Failure to pay enhanced shared parental leave was direct sex discrimination
16 June 2017 #Discrimination
In Ali v Capita Customer Management Ltd, a father succeeded in his claim for direct sex discrimination when he was told that shared parental pay only entitled him to 2 weeks full pay following the birth of his child and not the 14 weeks granted to women on maternity leave.
It was accepted by all that the first two weeks’ maternity pay (the compulsory element) attracted special protection (and, in any event there would be no detriment here as parental leave entitles partners to two weeks’ leave at full pay). However, Mr Ali argued that, after this time, it was the parents’ choice who had time off to care for their child and that men and women should be treated equally in this regard.
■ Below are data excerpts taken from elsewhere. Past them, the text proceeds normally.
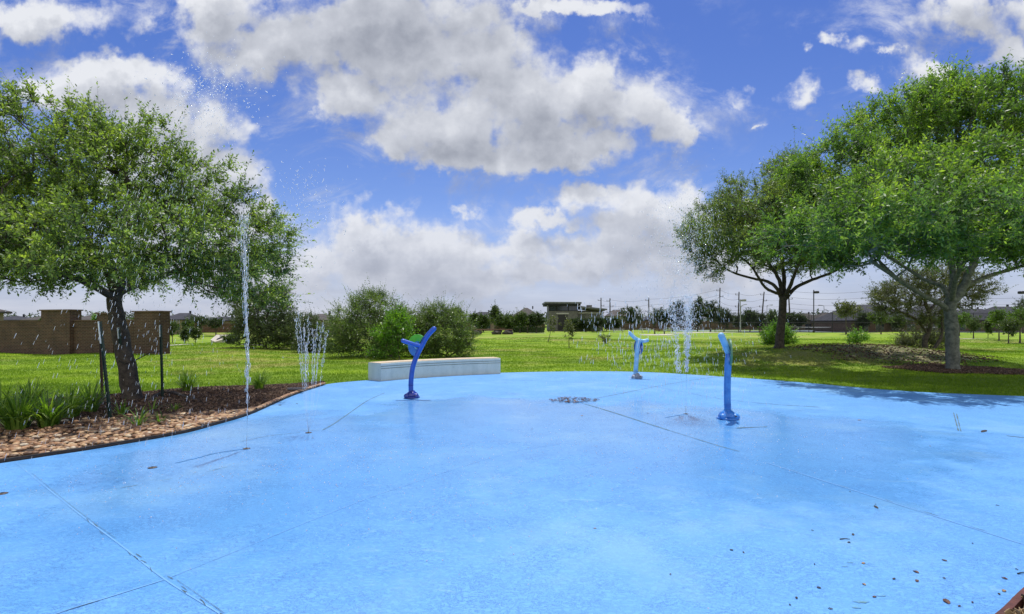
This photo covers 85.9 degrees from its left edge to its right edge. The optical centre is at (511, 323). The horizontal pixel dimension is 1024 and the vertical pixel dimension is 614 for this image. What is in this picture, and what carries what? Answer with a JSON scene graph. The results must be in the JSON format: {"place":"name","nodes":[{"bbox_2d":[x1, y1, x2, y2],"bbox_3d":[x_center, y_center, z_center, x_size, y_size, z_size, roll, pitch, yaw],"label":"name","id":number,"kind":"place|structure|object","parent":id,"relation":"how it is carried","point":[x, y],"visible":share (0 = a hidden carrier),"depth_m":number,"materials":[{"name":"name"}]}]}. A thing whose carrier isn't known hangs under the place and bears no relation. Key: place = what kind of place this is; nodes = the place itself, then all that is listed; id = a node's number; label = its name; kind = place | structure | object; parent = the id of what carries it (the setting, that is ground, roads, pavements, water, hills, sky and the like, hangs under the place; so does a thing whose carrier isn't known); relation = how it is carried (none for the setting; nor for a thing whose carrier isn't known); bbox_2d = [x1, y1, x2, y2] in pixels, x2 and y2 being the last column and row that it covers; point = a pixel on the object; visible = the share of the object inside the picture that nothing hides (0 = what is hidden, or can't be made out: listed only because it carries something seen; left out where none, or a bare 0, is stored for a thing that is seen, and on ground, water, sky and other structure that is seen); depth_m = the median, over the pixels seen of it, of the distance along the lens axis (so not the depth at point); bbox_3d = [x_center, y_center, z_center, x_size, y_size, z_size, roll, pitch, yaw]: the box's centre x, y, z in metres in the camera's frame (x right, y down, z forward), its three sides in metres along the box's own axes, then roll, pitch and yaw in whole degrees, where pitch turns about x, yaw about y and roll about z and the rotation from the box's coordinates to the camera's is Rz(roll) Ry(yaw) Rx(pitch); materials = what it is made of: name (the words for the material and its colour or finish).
{"place":"outdoors","nodes":[
{"label":"outdoors","id":0,"kind":"place"},
{"bbox_2d":[130,32,286,146],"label":"drops","id":1,"kind":"object","parent":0,"point":[207,93],"visible":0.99,"depth_m":7.02,"materials":[{"name":"white liquid"}]},
{"bbox_2d":[245,150,365,356],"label":"drops","id":2,"kind":"object","parent":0,"point":[305,215],"visible":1,"depth_m":8.07,"materials":[{"name":"white liquid"}]},
{"bbox_2d":[0,324,1023,402],"bbox_3d":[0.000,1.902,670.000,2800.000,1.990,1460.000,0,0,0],"label":"ground","id":3,"kind":"structure","parent":0,"point":[207,337],"depth_m":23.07,"materials":[{"name":"plant"}]},
{"bbox_2d":[4,314,29,320],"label":"house","id":4,"kind":"structure","parent":3,"relation":"on","point":[12,318],"depth_m":132.68,"materials":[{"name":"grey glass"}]},
{"bbox_2d":[0,309,171,354],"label":"brick wall","id":5,"kind":"structure","parent":3,"relation":"on","point":[64,336],"depth_m":30.19,"materials":[{"name":"brick"}]},
{"bbox_2d":[0,390,273,461],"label":"planting bed","id":6,"kind":"object","parent":3,"relation":"on","point":[71,434],"visible":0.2,"depth_m":7.81,"materials":[{"name":"soil"}]},
{"bbox_2d":[0,381,40,415],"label":"strap plant","id":7,"kind":"object","parent":6,"relation":"on","point":[5,399],"visible":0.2,"depth_m":9.00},
{"bbox_2d":[2,375,55,407],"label":"strap plant","id":8,"kind":"object","parent":6,"relation":"on","point":[29,392],"visible":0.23,"depth_m":9.54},
{"bbox_2d":[0,380,64,429],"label":"strap plant","id":9,"kind":"object","parent":6,"relation":"on","point":[18,422],"visible":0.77,"depth_m":7.82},
{"bbox_2d":[5,383,91,428],"bbox_3d":[-6.834,1.221,8.139,1.128,0.679,1.133,0,0,0],"label":"strap plant","id":10,"kind":"object","parent":6,"relation":"on","point":[51,420],"visible":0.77,"depth_m":8.10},
{"bbox_2d":[35,384,101,417],"bbox_3d":[-7.161,1.236,8.858,1.045,0.647,1.010,0,0,-19],"label":"strap plant","id":11,"kind":"object","parent":6,"relation":"on","point":[76,411],"visible":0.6,"depth_m":8.85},
{"bbox_2d":[58,377,112,411],"bbox_3d":[-7.303,1.219,9.575,0.977,0.682,1.080,0,0,0],"label":"strap plant","id":12,"kind":"object","parent":6,"relation":"on","point":[96,401],"visible":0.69,"depth_m":9.46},
{"bbox_2d":[99,340,103,400],"bbox_3d":[-8.101,0.828,10.861,0.102,1.664,0.049,0,0,0],"label":"stake","id":13,"kind":"object","parent":6,"relation":"on","point":[101,375],"visible":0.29,"depth_m":10.86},
{"bbox_2d":[98,321,112,417],"bbox_3d":[-6.576,0.809,8.891,0.331,1.704,0.050,0,0,21],"label":"stake","id":14,"kind":"object","parent":6,"relation":"on","point":[104,361],"visible":0.93,"depth_m":8.89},
{"bbox_2d":[99,397,132,414],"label":"strap plant","id":15,"kind":"object","parent":6,"relation":"on","point":[123,410],"visible":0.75,"depth_m":9.16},
{"bbox_2d":[114,406,157,424],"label":"strap plant","id":16,"kind":"object","parent":6,"relation":"on","point":[137,421],"visible":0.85,"depth_m":8.42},
{"bbox_2d":[0,67,319,399],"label":"oak tree","id":17,"kind":"object","parent":6,"relation":"on","point":[25,248],"visible":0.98,"depth_m":10.42,"materials":[{"name":"green plant"}]},
{"bbox_2d":[159,325,163,396],"bbox_3d":[-7.232,0.844,11.364,0.094,1.632,0.049,0,0,0],"label":"stake","id":18,"kind":"object","parent":6,"relation":"on","point":[161,359],"visible":0.86,"depth_m":11.36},
{"bbox_2d":[0,382,325,458],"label":"river stones","id":19,"kind":"object","parent":6,"relation":"on","point":[58,441],"visible":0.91,"depth_m":7.86,"materials":[{"name":"stone"}]},
{"bbox_2d":[148,390,196,400],"bbox_3d":[-7.009,1.499,11.117,1.655,0.134,0.722,0,0,39],"label":"tree root","id":20,"kind":"object","parent":6,"relation":"on","point":[174,392],"visible":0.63,"depth_m":11.38,"materials":[{"name":"brown plant"}]},
{"bbox_2d":[168,368,208,390],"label":"strap plant","id":21,"kind":"object","parent":6,"relation":"on","point":[186,380],"visible":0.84,"depth_m":12.39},
{"bbox_2d":[239,370,275,388],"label":"strap plant","id":22,"kind":"object","parent":6,"relation":"on","point":[261,381],"visible":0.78,"depth_m":12.78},
{"bbox_2d":[0,388,311,462],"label":"bed edging","id":23,"kind":"object","parent":3,"relation":"on","point":[17,458],"visible":0.34,"depth_m":7.33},
{"bbox_2d":[0,381,324,427],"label":"wood mulch","id":24,"kind":"object","parent":3,"relation":"on","point":[256,397],"visible":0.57,"depth_m":10.89,"materials":[{"name":"wood"}]},
{"bbox_2d":[170,320,181,341],"bbox_3d":[-32.254,0.927,52.127,1.760,2.533,1.432,0,0,0],"label":"background tree","id":25,"kind":"object","parent":3,"relation":"on","point":[174,325],"visible":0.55,"depth_m":52.00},
{"bbox_2d":[178,325,190,342],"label":"background tree","id":26,"kind":"object","parent":3,"relation":"on","point":[184,335],"visible":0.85,"depth_m":49.80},
{"bbox_2d":[170,311,204,333],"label":"house","id":27,"kind":"structure","parent":3,"relation":"on","point":[179,317],"depth_m":111.21,"materials":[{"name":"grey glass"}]},
{"bbox_2d":[186,325,202,342],"bbox_3d":[-27.599,1.001,47.929,1.521,1.736,1.327,0,0,0],"label":"background tree","id":28,"kind":"object","parent":3,"relation":"on","point":[194,332],"visible":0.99,"depth_m":47.80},
{"bbox_2d":[184,310,208,336],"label":"background tree","id":29,"kind":"object","parent":3,"relation":"on","point":[199,319],"visible":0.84,"depth_m":104.56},
{"bbox_2d":[205,315,223,335],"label":"background tree","id":30,"kind":"object","parent":3,"relation":"on","point":[213,323],"visible":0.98,"depth_m":107.30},
{"bbox_2d":[194,323,236,332],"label":"wooden fence","id":31,"kind":"object","parent":3,"relation":"on","point":[206,329],"visible":0.31,"depth_m":112.00,"materials":[{"name":"brown wood"}]},
{"bbox_2d":[220,274,314,349],"bbox_3d":[-14.849,-0.384,33.484,6.495,5.457,5.127,0,0,0],"label":"tall bush","id":32,"kind":"object","parent":3,"relation":"on","point":[271,330],"visible":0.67,"depth_m":32.79,"materials":[{"name":"plant"}]},
{"bbox_2d":[284,307,332,352],"bbox_3d":[-11.149,0.536,31.076,3.196,3.834,2.746,0,0,0],"label":"dark shrub","id":33,"kind":"object","parent":3,"relation":"on","point":[313,324],"visible":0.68,"depth_m":30.76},
{"bbox_2d":[305,311,346,337],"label":"house","id":34,"kind":"structure","parent":3,"relation":"on","point":[323,317],"depth_m":86.64,"materials":[{"name":"grey glass"}]},
{"bbox_2d":[314,276,440,357],"bbox_3d":[-6.572,-0.266,27.427,6.513,4.567,5.755,0,0,0],"label":"bush","id":35,"kind":"object","parent":3,"relation":"on","point":[348,333],"visible":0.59,"depth_m":26.64,"materials":[{"name":"plant"}]},
{"bbox_2d":[360,297,420,359],"bbox_3d":[-5.376,0.279,25.229,2.702,3.296,2.222,0,0,0],"label":"bush","id":36,"kind":"object","parent":3,"relation":"on","point":[394,317],"visible":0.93,"depth_m":25.02,"materials":[{"name":"plant"}]},
{"bbox_2d":[404,291,489,357],"bbox_3d":[-3.630,0.193,27.673,5.132,4.302,4.697,0,0,0],"label":"olive bush","id":37,"kind":"object","parent":3,"relation":"on","point":[458,339],"visible":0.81,"depth_m":27.44,"materials":[{"name":"plant"}]},
{"bbox_2d":[476,312,493,331],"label":"distant tree","id":38,"kind":"object","parent":3,"relation":"on","point":[483,321],"visible":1,"depth_m":99.23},
{"bbox_2d":[473,329,512,334],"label":"wooden fence","id":39,"kind":"object","parent":3,"relation":"on","point":[499,331],"depth_m":87.75,"materials":[{"name":"brown wood"}]},
{"bbox_2d":[487,300,501,330],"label":"distant tree","id":40,"kind":"object","parent":3,"relation":"on","point":[495,309],"visible":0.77,"depth_m":119.52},
{"bbox_2d":[4,308,985,327],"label":"treeline","id":41,"kind":"object","parent":3,"relation":"on","point":[132,315],"visible":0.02,"depth_m":190.61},
{"bbox_2d":[490,310,507,330],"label":"distant tree","id":42,"kind":"object","parent":3,"relation":"on","point":[498,321],"visible":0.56,"depth_m":99.36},
{"bbox_2d":[500,313,515,329],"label":"distant tree","id":43,"kind":"object","parent":3,"relation":"on","point":[507,325],"visible":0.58,"depth_m":97.52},
{"bbox_2d":[0,371,1023,613],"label":"splash pad","id":44,"kind":"object","parent":3,"relation":"on","point":[924,519],"visible":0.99,"depth_m":4.82,"materials":[{"name":"concrete"}]},
{"bbox_2d":[1,40,266,476],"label":"falling drops","id":45,"kind":"object","parent":44,"relation":"on","point":[156,255],"visible":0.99,"depth_m":6.97,"materials":[{"name":"clear liquid"}]},
{"bbox_2d":[401,326,435,398],"bbox_3d":[-2.009,0.836,11.853,0.708,1.561,0.349,0,0,15],"label":"water spinner","id":46,"kind":"object","parent":44,"relation":"on","point":[415,347],"visible":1,"depth_m":11.85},
{"bbox_2d":[368,357,499,380],"bbox_3d":[-2.269,1.397,16.821,4.303,0.606,0.876,0,0,-35],"label":"concrete bench","id":47,"kind":"object","parent":44,"relation":"on","point":[390,370],"visible":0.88,"depth_m":16.59,"materials":[{"name":"concrete"}]},
{"bbox_2d":[2,406,921,610],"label":"splash beads","id":48,"kind":"object","parent":44,"relation":"on","point":[417,472],"visible":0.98,"depth_m":6.11,"materials":[{"name":"white liquid"}]},
{"bbox_2d":[561,398,588,401],"bbox_3d":[1.318,1.593,11.503,0.600,0.010,0.600,0,0,0],"label":"floor drain","id":49,"kind":"object","parent":44,"relation":"on","point":[577,399],"visible":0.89,"depth_m":11.48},
{"bbox_2d":[551,397,599,402],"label":"leaf litter","id":50,"kind":"object","parent":49,"relation":"on","point":[569,400],"visible":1,"depth_m":11.47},
{"bbox_2d":[629,331,648,378],"bbox_3d":[3.701,0.919,16.142,0.529,1.396,0.418,0,0,40],"label":"water spinner","id":51,"kind":"object","parent":44,"relation":"on","point":[636,357],"visible":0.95,"depth_m":16.09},
{"bbox_2d":[529,151,811,422],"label":"falling drops","id":52,"kind":"object","parent":44,"relation":"on","point":[674,306],"visible":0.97,"depth_m":9.66,"materials":[{"name":"white liquid"}]},
{"bbox_2d":[716,333,739,420],"bbox_3d":[3.611,0.881,9.303,0.401,1.472,0.506,0,0,0],"label":"water spinner","id":53,"kind":"object","parent":44,"relation":"on","point":[727,413],"visible":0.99,"depth_m":9.21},
{"bbox_2d":[507,308,528,332],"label":"distant tree","id":54,"kind":"object","parent":3,"relation":"on","point":[519,320],"visible":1,"depth_m":95.41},
{"bbox_2d":[512,326,544,332],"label":"hedge","id":55,"kind":"object","parent":3,"relation":"on","point":[530,330],"visible":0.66,"depth_m":101.15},
{"bbox_2d":[523,312,538,332],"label":"distant tree","id":56,"kind":"object","parent":3,"relation":"on","point":[532,318],"visible":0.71,"depth_m":96.36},
{"bbox_2d":[531,310,546,332],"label":"distant tree","id":57,"kind":"object","parent":3,"relation":"on","point":[540,320],"visible":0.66,"depth_m":97.43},
{"bbox_2d":[545,314,560,341],"bbox_3d":[3.641,0.461,49.340,1.468,2.640,1.053,0,0,-24],"label":"sapling","id":58,"kind":"object","parent":3,"relation":"on","point":[550,322],"visible":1,"depth_m":49.20,"materials":[{"name":"green plant"}]},
{"bbox_2d":[562,316,574,347],"bbox_3d":[4.311,0.644,40.841,1.244,2.507,1.241,0,0,0],"label":"sapling","id":59,"kind":"object","parent":3,"relation":"on","point":[566,328],"visible":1,"depth_m":40.67,"materials":[{"name":"green plant"}]},
{"bbox_2d":[542,302,606,330],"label":"park pavilion","id":60,"kind":"structure","parent":3,"relation":"on","point":[560,311],"depth_m":122.00,"materials":[{"name":"stone"}]},
{"bbox_2d":[558,314,566,329],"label":"doorway","id":61,"kind":"structure","parent":60,"relation":"in","point":[561,317],"depth_m":121.90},
{"bbox_2d":[567,316,582,331],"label":"distant tree","id":62,"kind":"object","parent":3,"relation":"on","point":[575,321],"visible":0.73,"depth_m":111.30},
{"bbox_2d":[576,315,596,331],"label":"distant tree","id":63,"kind":"object","parent":3,"relation":"on","point":[587,322],"visible":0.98,"depth_m":111.22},
{"bbox_2d":[573,326,600,331],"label":"hedge","id":64,"kind":"object","parent":3,"relation":"on","point":[595,329],"visible":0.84,"depth_m":112.15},
{"bbox_2d":[588,314,605,327],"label":"distant tree","id":65,"kind":"object","parent":3,"relation":"on","point":[600,321],"visible":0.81,"depth_m":113.39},
{"bbox_2d":[610,316,623,329],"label":"distant tree","id":66,"kind":"object","parent":3,"relation":"on","point":[616,322],"visible":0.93,"depth_m":129.35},
{"bbox_2d":[616,304,644,330],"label":"distant tree","id":67,"kind":"object","parent":3,"relation":"on","point":[634,314],"visible":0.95,"depth_m":117.56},
{"bbox_2d":[647,307,670,331],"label":"distant tree","id":68,"kind":"object","parent":3,"relation":"on","point":[659,316],"visible":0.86,"depth_m":119.61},
{"bbox_2d":[663,301,684,330],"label":"distant tree","id":69,"kind":"object","parent":3,"relation":"on","point":[671,319],"visible":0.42,"depth_m":119.60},
{"bbox_2d":[669,299,687,330],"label":"distant tree","id":70,"kind":"object","parent":3,"relation":"on","point":[681,311],"visible":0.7,"depth_m":117.44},
{"bbox_2d":[608,321,768,329],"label":"wooden fence","id":71,"kind":"object","parent":3,"relation":"on","point":[625,327],"visible":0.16,"depth_m":149.97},
{"bbox_2d":[689,295,705,331],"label":"distant tree","id":72,"kind":"object","parent":3,"relation":"on","point":[697,302],"visible":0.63,"depth_m":107.57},
{"bbox_2d":[696,296,725,331],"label":"distant tree","id":73,"kind":"object","parent":3,"relation":"on","point":[707,308],"visible":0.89,"depth_m":105.08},
{"bbox_2d":[716,305,735,331],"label":"distant tree","id":74,"kind":"object","parent":3,"relation":"on","point":[726,311],"visible":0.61,"depth_m":107.52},
{"bbox_2d":[654,316,816,329],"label":"chain fence","id":75,"kind":"object","parent":3,"relation":"on","point":[720,327],"visible":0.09,"depth_m":139.00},
{"bbox_2d":[741,307,759,331],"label":"distant tree","id":76,"kind":"object","parent":3,"relation":"on","point":[748,312],"visible":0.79,"depth_m":109.39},
{"bbox_2d":[752,311,767,331],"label":"distant tree","id":77,"kind":"object","parent":3,"relation":"on","point":[762,317],"visible":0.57,"depth_m":111.47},
{"bbox_2d":[665,127,869,348],"bbox_3d":[10.310,-3.539,22.856,8.393,9.445,11.222,0,0,37],"label":"shade tree","id":78,"kind":"object","parent":3,"relation":"on","point":[734,217],"visible":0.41,"depth_m":21.94,"materials":[{"name":"green plant"}]},
{"bbox_2d":[766,309,777,325],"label":"distant tree","id":79,"kind":"object","parent":3,"relation":"on","point":[774,312],"visible":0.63,"depth_m":117.69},
{"bbox_2d":[756,315,808,345],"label":"lime bush","id":80,"kind":"object","parent":3,"relation":"on","point":[768,335],"visible":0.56,"depth_m":28.99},
{"bbox_2d":[793,309,809,328],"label":"distant tree","id":81,"kind":"object","parent":3,"relation":"on","point":[801,320],"visible":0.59,"depth_m":111.44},
{"bbox_2d":[665,330,1021,332],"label":"tennis court","id":82,"kind":"object","parent":3,"relation":"on","point":[823,331],"depth_m":112.14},
{"bbox_2d":[833,298,863,333],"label":"court tree","id":83,"kind":"object","parent":3,"relation":"on","point":[851,309],"visible":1,"depth_m":81.35,"materials":[{"name":"green plant"}]},
{"bbox_2d":[839,324,871,343],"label":"shrub","id":84,"kind":"object","parent":3,"relation":"on","point":[856,337],"visible":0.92,"depth_m":27.31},
{"bbox_2d":[855,310,869,330],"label":"distant tree","id":85,"kind":"object","parent":3,"relation":"on","point":[864,319],"visible":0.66,"depth_m":104.41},
{"bbox_2d":[812,303,923,331],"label":"house","id":86,"kind":"structure","parent":3,"relation":"on","point":[887,328],"depth_m":107.81,"materials":[{"name":"brown brick"}]},
{"bbox_2d":[715,313,1021,332],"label":"chain fence","id":87,"kind":"object","parent":3,"relation":"on","point":[798,322],"visible":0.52,"depth_m":103.00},
{"bbox_2d":[730,47,1023,369],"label":"tall shade tree","id":88,"kind":"object","parent":3,"relation":"on","point":[965,206],"visible":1,"depth_m":15.90,"materials":[{"name":"green plant"}]},
{"bbox_2d":[865,309,894,333],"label":"court tree","id":89,"kind":"object","parent":3,"relation":"on","point":[876,317],"visible":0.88,"depth_m":79.86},
{"bbox_2d":[776,343,1003,364],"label":"mound mulch","id":90,"kind":"object","parent":3,"relation":"on","point":[881,350],"visible":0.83,"depth_m":21.93,"materials":[{"name":"wood"}]},
{"bbox_2d":[888,313,907,331],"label":"distant tree","id":91,"kind":"object","parent":3,"relation":"on","point":[897,320],"visible":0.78,"depth_m":103.44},
{"bbox_2d":[887,324,944,348],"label":"grey bush","id":92,"kind":"object","parent":3,"relation":"on","point":[903,339],"visible":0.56,"depth_m":32.67,"materials":[{"name":"green plant"}]},
{"bbox_2d":[855,262,1013,348],"bbox_3d":[24.310,-1.270,31.674,9.378,5.869,4.269,0,0,-8],"label":"crooked tree","id":93,"kind":"object","parent":3,"relation":"on","point":[888,293],"visible":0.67,"depth_m":31.25,"materials":[{"name":"green plant"}]},
{"bbox_2d":[903,304,993,330],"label":"house","id":94,"kind":"structure","parent":3,"relation":"on","point":[979,329],"depth_m":113.81,"materials":[{"name":"brown brick"}]},
{"bbox_2d":[882,363,1023,374],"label":"tree ring mulch","id":95,"kind":"object","parent":3,"relation":"on","point":[934,367],"visible":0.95,"depth_m":18.55,"materials":[{"name":"wood"}]},
{"bbox_2d":[958,312,974,335],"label":"young tree","id":96,"kind":"object","parent":3,"relation":"on","point":[961,319],"visible":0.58,"depth_m":71.47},
{"bbox_2d":[964,314,984,338],"bbox_3d":[53.776,0.357,64.225,2.678,3.019,2.196,0,0,-40],"label":"young tree","id":97,"kind":"object","parent":3,"relation":"on","point":[972,323],"visible":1,"depth_m":63.93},
{"bbox_2d":[981,320,993,335],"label":"young tree","id":98,"kind":"object","parent":3,"relation":"on","point":[987,326],"visible":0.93,"depth_m":64.54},
{"bbox_2d":[985,302,1009,340],"bbox_3d":[46.020,-0.218,52.052,2.086,3.848,1.699,0,0,17],"label":"young tree","id":99,"kind":"object","parent":3,"relation":"on","point":[997,317],"visible":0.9,"depth_m":51.85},
{"bbox_2d":[974,304,1021,331],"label":"house","id":100,"kind":"structure","parent":3,"relation":"on","point":[988,310],"depth_m":114.45,"materials":[{"name":"grey brick"}]},
{"bbox_2d":[995,317,1023,343],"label":"young tree","id":101,"kind":"object","parent":3,"relation":"on","point":[1011,326],"visible":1,"depth_m":47.12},
{"bbox_2d":[995,587,1023,613],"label":"rusty edging","id":102,"kind":"object","parent":3,"relation":"on","point":[1016,601],"visible":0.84,"depth_m":3.04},
{"bbox_2d":[1003,306,1023,342],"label":"young tree","id":103,"kind":"object","parent":3,"relation":"on","point":[1020,316],"visible":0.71,"depth_m":47.97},
{"bbox_2d":[1003,594,1023,613],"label":"leaf mulch","id":104,"kind":"object","parent":3,"relation":"on","point":[1014,611],"visible":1,"depth_m":2.92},
{"bbox_2d":[1010,295,1023,332],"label":"young tree","id":105,"kind":"object","parent":3,"relation":"on","point":[1020,303],"visible":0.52,"depth_m":94.99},
{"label":"utility pole","id":106,"kind":"object","parent":3,"relation":"on","visible":0},
{"bbox_2d":[601,289,1018,314],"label":"power lines","id":107,"kind":"object","parent":106,"relation":"attached to","point":[767,300],"visible":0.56,"depth_m":209.67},
{"bbox_2d":[0,0,1023,320],"label":"sky","id":108,"kind":"structure","parent":0,"point":[503,150],"materials":[{"name":"blue"}]},
{"bbox_2d":[573,298,691,364],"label":"falling drops","id":109,"kind":"object","parent":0,"point":[633,331],"visible":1,"depth_m":8.45,"materials":[{"name":"white liquid"}]},
{"bbox_3d":[-3.398,1.593,7.040,0.092,0.013,0.092,0,0,0],"label":"pad nozzle","id":110,"kind":"object","parent":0,"visible":0},
{"bbox_2d":[236,213,250,447],"bbox_3d":[-3.428,0.077,7.025,0.176,3.026,0.193,0,0,-28],"label":"water jet","id":111,"kind":"object","parent":110,"relation":"on","point":[245,304],"visible":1,"depth_m":7.03,"materials":[{"name":"white"}]},
{"bbox_3d":[-2.987,1.593,8.073,0.092,0.013,0.092,0,0,0],"label":"pad nozzle","id":112,"kind":"object","parent":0,"visible":0},
{"bbox_2d":[293,314,328,431],"bbox_3d":[-2.941,0.713,8.062,0.552,1.754,0.340,0,0,0],"label":"water jet","id":113,"kind":"object","parent":112,"relation":"on","point":[305,372],"visible":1,"depth_m":8.07,"materials":[{"name":"white"}]},
{"bbox_3d":[3.085,1.593,9.751,0.092,0.013,0.092,0,0,0],"label":"pad nozzle","id":114,"kind":"object","parent":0,"visible":0},
{"bbox_2d":[632,207,724,410],"bbox_3d":[3.062,-0.285,9.771,1.830,3.750,1.338,0,0,0],"label":"water jet","id":115,"kind":"object","parent":114,"relation":"on","point":[686,325],"visible":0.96,"depth_m":9.74,"materials":[{"name":"white"}]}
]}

The Tribunal agreed with Mr Ali, stating that “It was not clear why any exclusivity should apply beyond the 2 weeks after the birth. In 2016, men are being encouraged to play a greater role in caring for their babies. Whether that happens in practice is a matter of choice for the parents depending on their personal circumstances but the choice made should be free of generalised assumptions that the mother is always best placed to undertake that role and should get the full pay because of that assumed exclusivity.”
This case has left us with conflicting Tribunal decisions, as the earlier case of Hextall v Chief Constable of Leicestershire Police, ruled that is was not discriminatory to pay enhanced maternity pay but only statutory shared parental pay. It’s understood that both cases are being appealed and so it’s hoped that an appellate decision will clarify the position. In the meantime, employers would be wise to run a risk assessment on their policies in the event that the decision in Ali prevails.